PICSciE Training Specialist Gabe Perez-Giz helped participants troubleshoot during a hands-on session

“Unfortunately, even though this knowledge is expected, researchers rarely get formal training in the computing-related skills they need,” said Perez-Giz. “There are almost no formal courses in the registrar targeted at individuals without a formal computer science background. Events like the bootcamp fill this gap so that researchers can be more productive without feeling inhibited by a lack of know-how about tools and practices.”

“Our expectation is that this bootcamp will become a staple of our education and training efforts,” said Jeroen Tromp, Director of PICSciE and Blair Professor of Geology, professor of geosciences and applied and computational mathematics. 
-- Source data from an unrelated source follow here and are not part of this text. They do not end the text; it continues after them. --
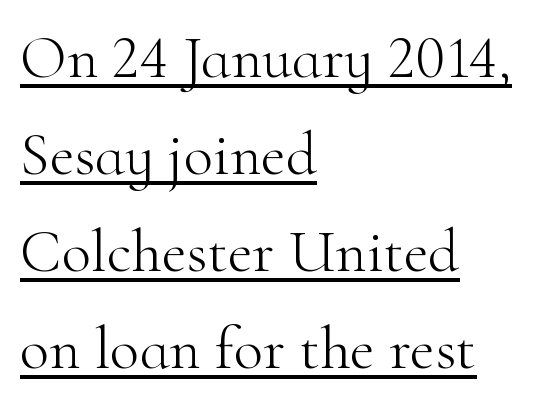
The image shows 61 px light serif type, upright; set left-aligned, normal line spacing (1.59x), normal letter spacing, underlined; high stroke contrast and a small x-height.
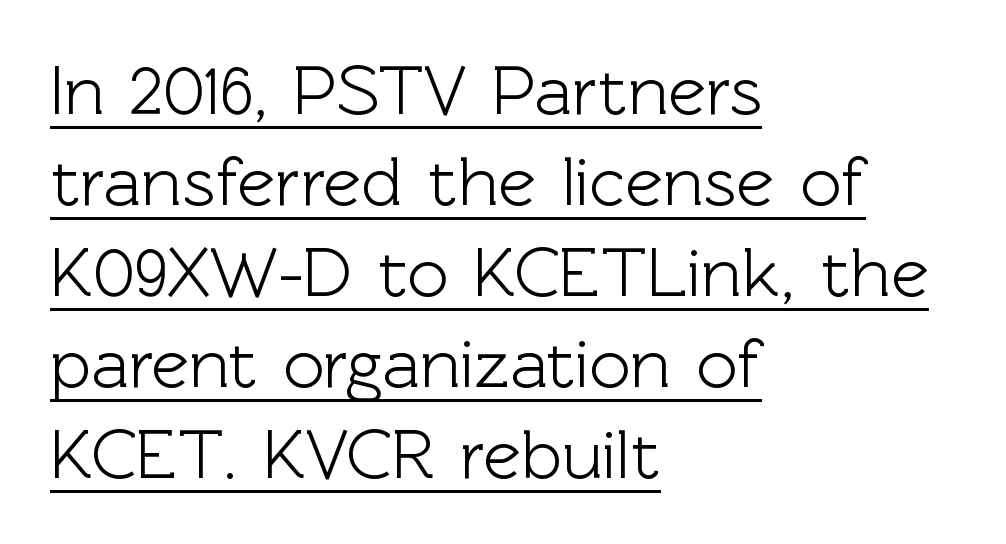
{"serif": "no", "italic": "no", "width": "normal", "x_height": "medium", "monospaced": "no", "underline": "yes", "align": "left", "line_spacing": "normal", "line_spacing_ratio": 1.28, "letter_spacing": "normal", "letter_spacing_em": 0.0, "glyph_px": 71}
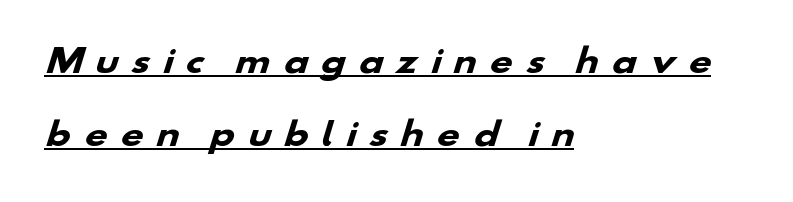
Q: Is the text bold? A: Yes.
Q: Is the typeface a serif or a sans-serif typeface? A: Sans-serif.
Q: Is the text underlined? A: Yes.
Q: How is the paragraph aligned? A: Left-aligned.
Q: Is the spacing between letters normal or unusually wide? A: Unusually wide.
Q: Is the spacing between lines tight, normal or loose? A: Loose.
Q: Width (condensed, normal, or wide)? A: Wide.
Q: Stroke contrast? A: Low.
Q: x-height? A: Small.
Q: Monospaced? A: No.

The first three days of the bootcamp, aimed at researchers with less computing experience, covered introductory topics such as the Linux command line, good practices for research software engineering, how to navigate Princeton’s high-performance-computing (HPC) clusters, how to make effective plots, Python, Git and GitHub, and other topics. The last two days were geared for researchers with more programming experience looking for a hands-on introduction to high-performance computing.  More specifically, this mini-workshop within the bootcamp covered parallel programming, a type of coding that allows many calculations or processes to be carried out simultaneously on supercomputers that consist of clusters of CPUs and GPUs.

Last year, foundational topics were mixed in with more advanced subjects. To better serve distinct audiences, the organizers decided to restructure the workshop so that more advanced, intense topics, such as parallel programming, happened in the later part of the week. Other subjects that were covered were topics that people had suggested during the semester.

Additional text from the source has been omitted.